Choć polski KPO został zaakceptowany na początku czerwca, to nasz kraj nie dostał z Funduszu Odbudowy ani złotówki. KE domaga się głębszych zmian w sądownictwie, a także zmienienia regulaminów Sejmi u Senatu. Pojawiają się też informacje, że Polska w ogóle nie otrzyma środków budżetowych na nową perspektywę finansową.

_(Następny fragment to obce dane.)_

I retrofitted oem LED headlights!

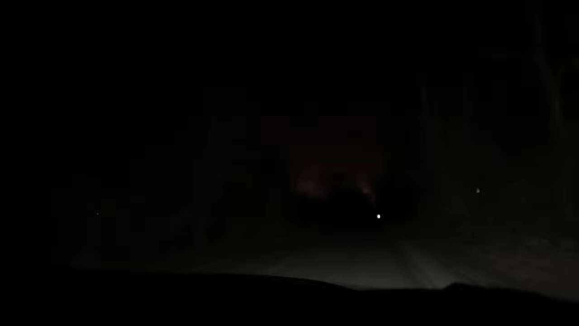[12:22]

– Szukane są kolejne preteksty do tego, by nie wypłacać środków z KPO. A tak naprawdę jest ciągle twierdzenie, że czekają na zmianę rządu w Polsce. Tam nie ma żadnych merytorycznych podstaw do niewypłacania KPO, tylko polityczne. My odpowiadamy – czekamy na zmianę przewodniczącej Komisji Europejskiej – tak blokowanie należnych Polsce pieniędzy skomentował na atenie telewizji wPolsce.pl sekretarz generalny PiS.
"Nie nastąpiła refleksja"
Dalej Krzysztof Sobolewski odniósł się do słów Jarosława Kaczyńskiego, który nazwał Brukselę "zewnętrzną placówką Berlina". Sobolewski zaznacza, że polskie władze nigdy nie zgodzą się na centralizację UE wokół stolicy Niemiec.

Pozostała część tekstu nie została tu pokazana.